I also think by acknowledging the racial aspects of girl group may also help confront the fact that many of these groups were comprised of African American girls, many of whom had to deal with the ingrained lack of social or economic value placed on the romantic love and family units built by people of color in white society. A song like The Fabulettes’ “Try the Worrying Way,” which is about how a heavy-set woman becomes skinny as a result of her partner’s infidelity, cannot be read without this context and becomes profoundly sad with it.
The raced component, alongside issues of age, is crucial to understanding what girl groups contributed — a space for young women and young women of color, many of whom were working class and had minimal opportunities in the job market, to be a part of the work force. This isn’t to absent that many of these groups were designed, produced, and controlled by men. But some were not, or found ways out of it.
But there’s much more going on in these songs than waiting for boys to shape up. For one, there are a lot of break-up anthems. There are elegant songs like “Walking In Different Circles” from Goldie and the Gingerbreads.

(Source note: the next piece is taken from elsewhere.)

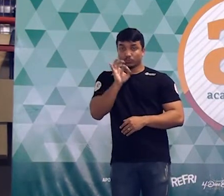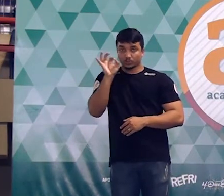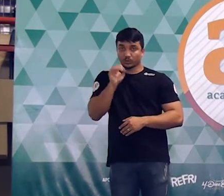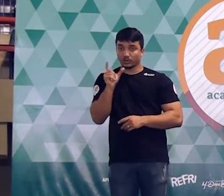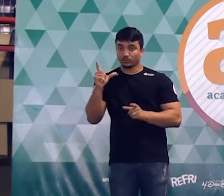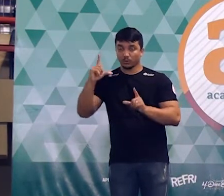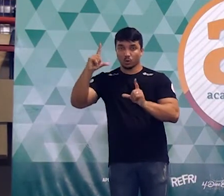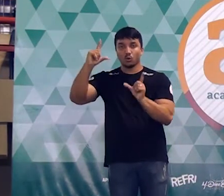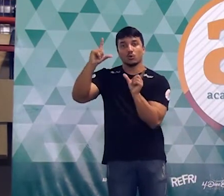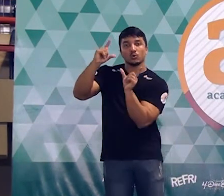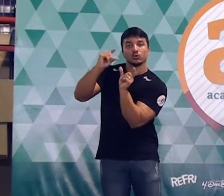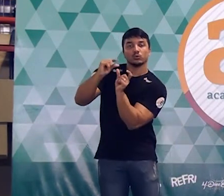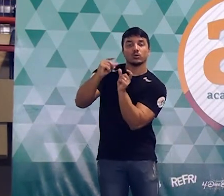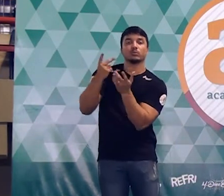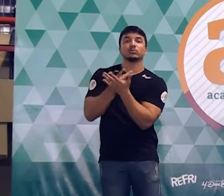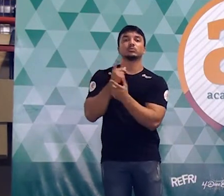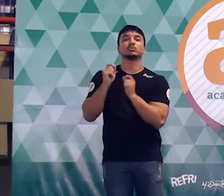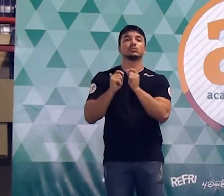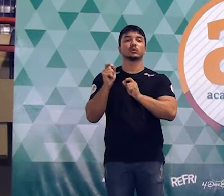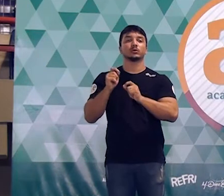o que é que sobra dela?

There are poignant odes to post-break-up autonomy like Reparata and the Delrons’ “I’m Nobody’s Baby Now.” There are also almost-love songs like Sandie Shaw’s “Girl Don’t Come” (which was written and arranged by Burt Bacharach). There are maternal warnings of men’s true nature in Cathy Saint’s “Big Bad World.” There are humorous rejections in The Hollywood Jills’ “He Makes Me So Mad.” And, importantly, there are sneering kiss-offs and odes to female bonding like Donna Lynn’s “I’d Much Rather Be With the Girls” (originally written by and for The Rolling Stones).
For me, it’s not hard to read all of these break-up songs and anthems to being single and out with girlfriends as having a queer element to them. The renouncement of stupid boys, or heterosexual courtship altogether, is heightened by girls singing to, for, and most importantly, with one another. In close proximity. In intimate spaces. In matching outfits.
You also get lots of songs about death, many, like The Goodees’ “Condition Red,” that recount dark, grisly tales of parental disapproval, juvenile delinquency, and racing accidents gone horribly wrong. This was the era where boys beefed it on motorcycles, after all. Indeed, this teen angst bullshit has a body count.
You even get critiques about the fleetingness of youth, the plastic lies of feminine consumerism, and the urgency of action in songs like Toni Basil’s anthem “I’m 28,” which I fully intend to sing drunk at my birthday party in two years.
Oddly enough, she was 23 when she recorded it. She’s 65 now and still working. I think she did okay for herself.
But there are also celebratory songs about love (many explicitly heterosexual, some more ambiguous). These songs are important too, particularly because most of these songs were sung (and, in some cases, written) by unmarried teenagers. Though marriage was the stated goal in many of these songs, it hadn’t happened yet. Thus, it was pretty easy to dismiss these songs, performed by teenage girls, as frivilous. But they aren’t. The feelings, regardless of how artfully or artlessly worded, are real and amplified by mammoth orchestration and pop-song immediacy. Take a song like The Girlfriends’ “My One and Only Jimmy Boy.” A giddy, up-tempo ode to love on the surface, its hook, soaring vocals, and wall-of-sound production takes teen love to “Hulk smash” levels of power and might.
And, of course, a lot of these songs were written by women. Carole King, in addition to singing two songs included in the anthology, wrote many of these hits, along with fellow Brill Building dwellers Ellie Greenwich and Cynthia Weil and many other independent female songwriters.
Thus, this collection has the best that any feminist music geek could hope for — sites of discourse that have, to borrow from American Bandstand, “a good beat and you can dance to it.”